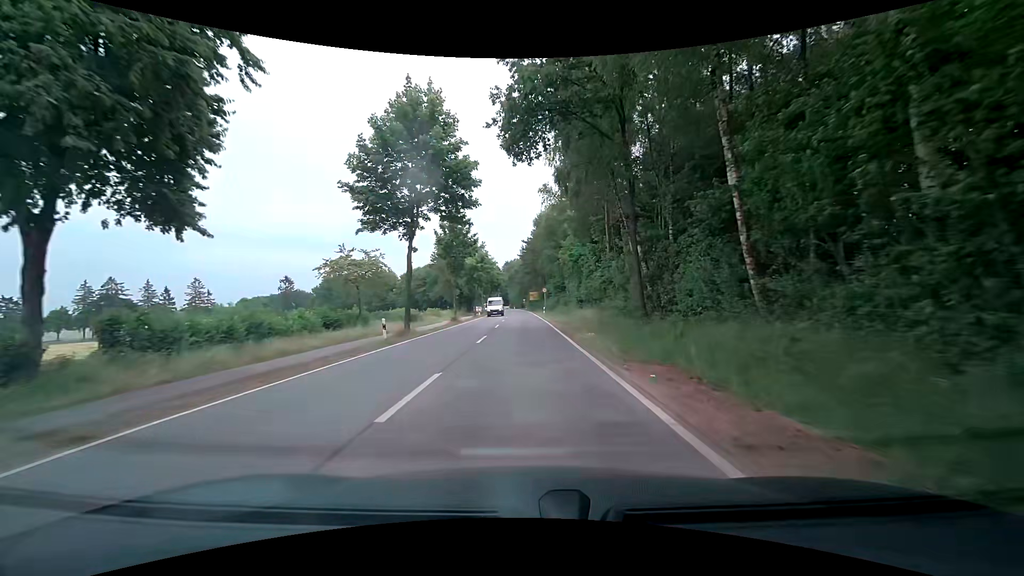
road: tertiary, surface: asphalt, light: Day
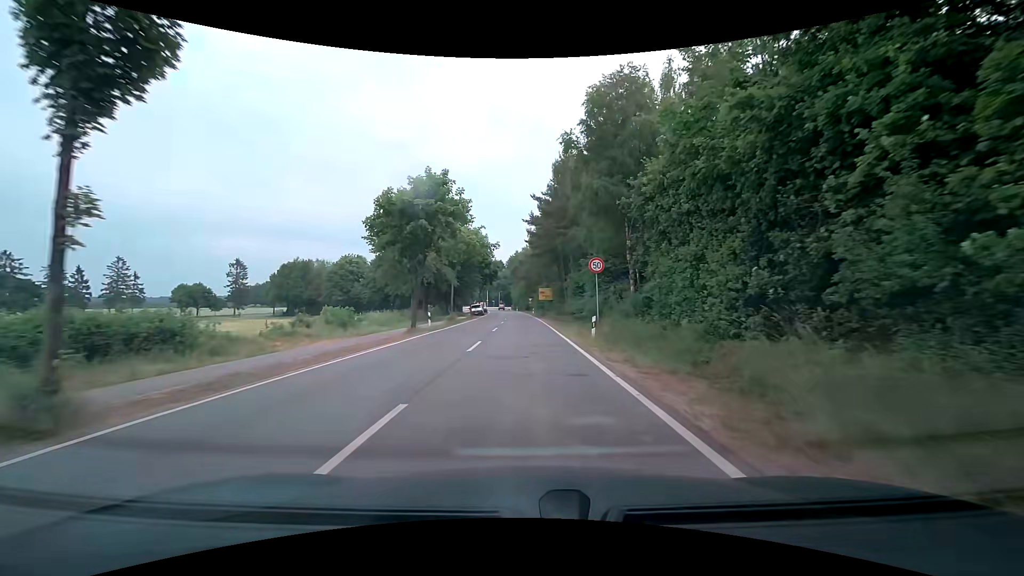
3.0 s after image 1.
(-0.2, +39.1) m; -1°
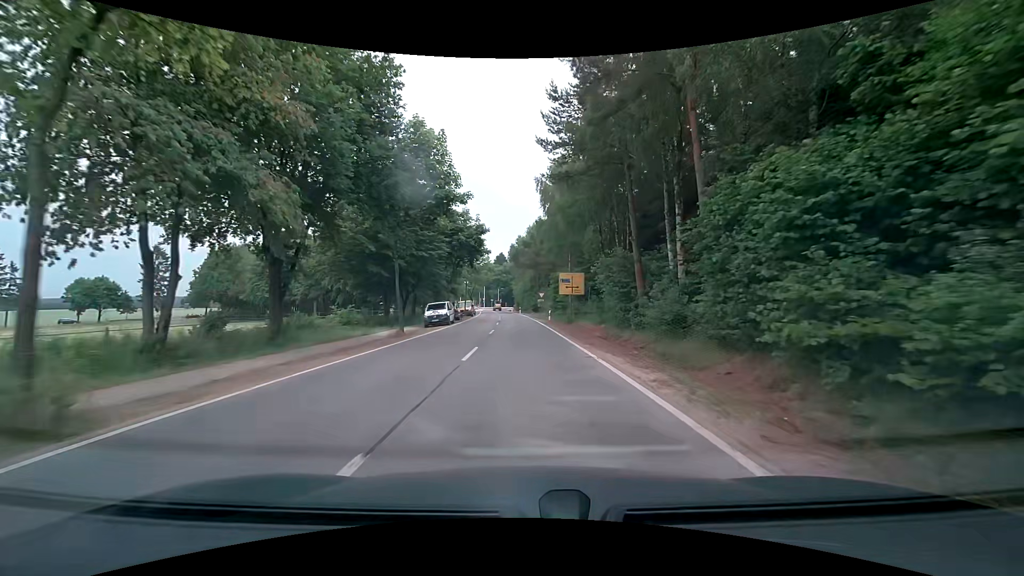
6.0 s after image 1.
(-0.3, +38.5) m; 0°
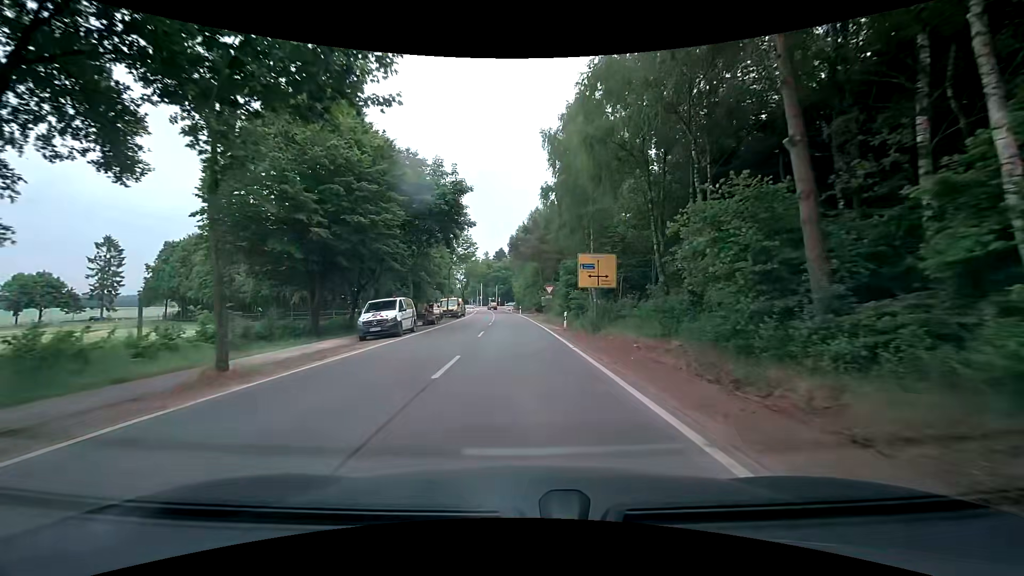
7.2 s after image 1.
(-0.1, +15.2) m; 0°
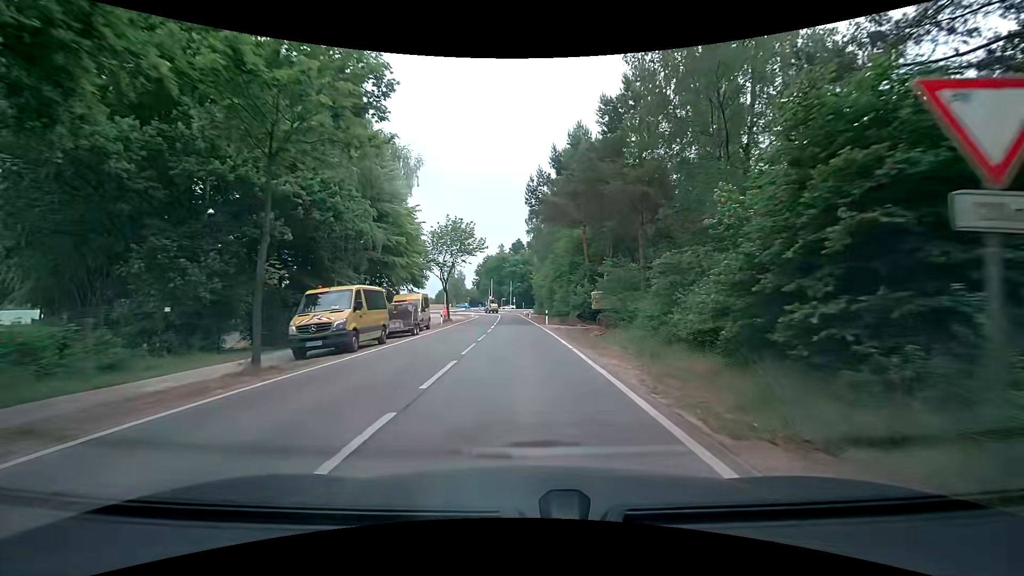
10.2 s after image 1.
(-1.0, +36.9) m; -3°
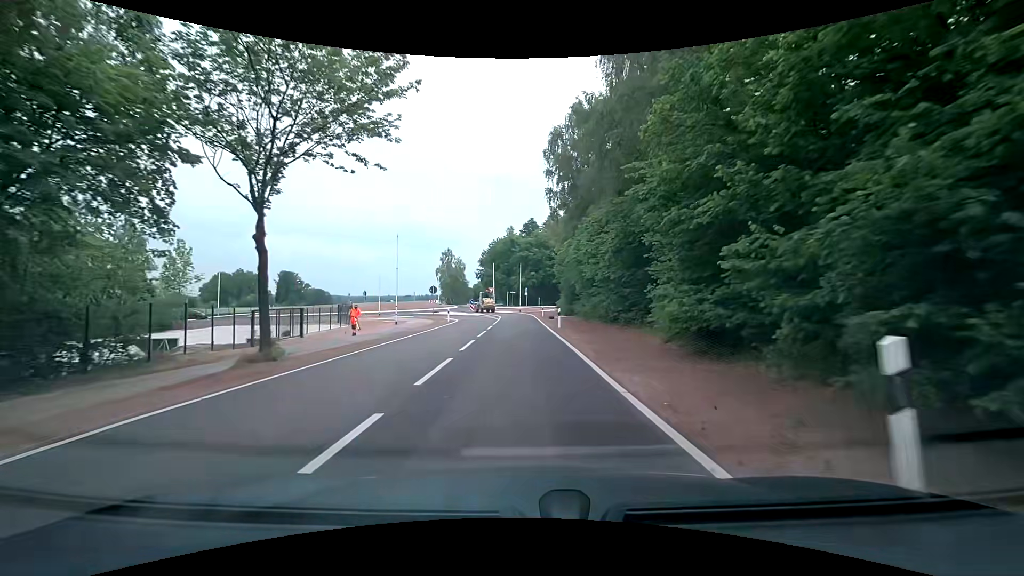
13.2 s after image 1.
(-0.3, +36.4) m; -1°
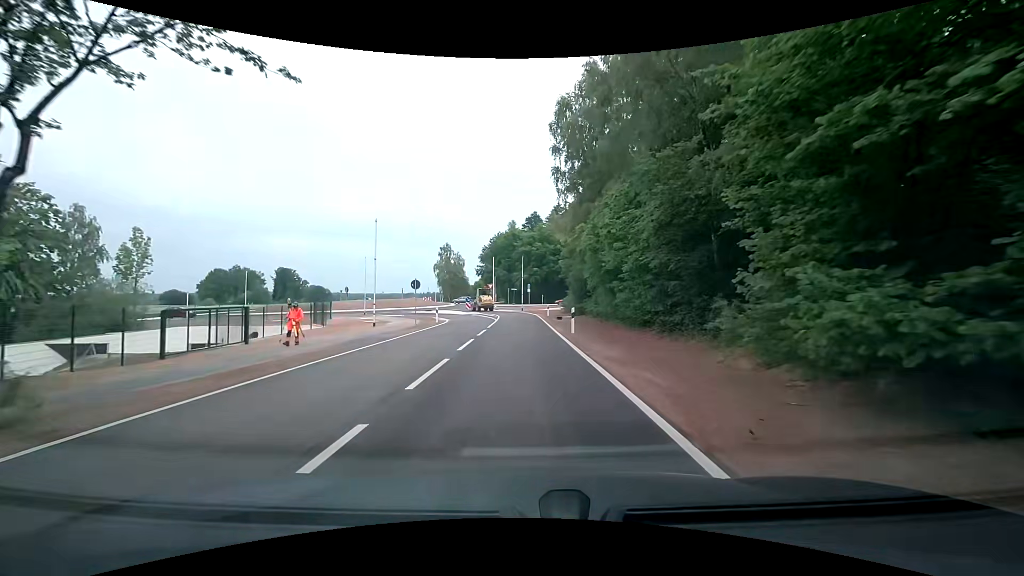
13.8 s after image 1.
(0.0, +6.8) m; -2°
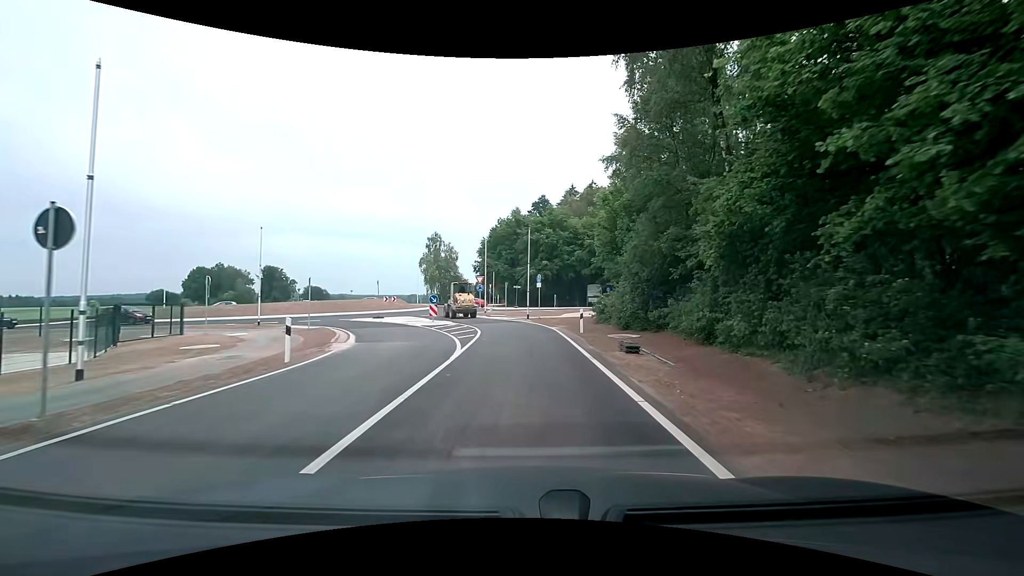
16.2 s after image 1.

- [YOUR TASK]: Pictures should be omitted. Please return exactly the lines from the line that holds "7.2 s after image 1." through the end of the records.

- [TASK SOLUTION]:
7.2 s after image 1.
(-0.1, +15.2) m; 0°
10.2 s after image 1.
(-1.0, +36.9) m; -3°
13.2 s after image 1.
(-0.3, +36.4) m; -1°
13.8 s after image 1.
(0.0, +6.8) m; -2°
16.2 s after image 1.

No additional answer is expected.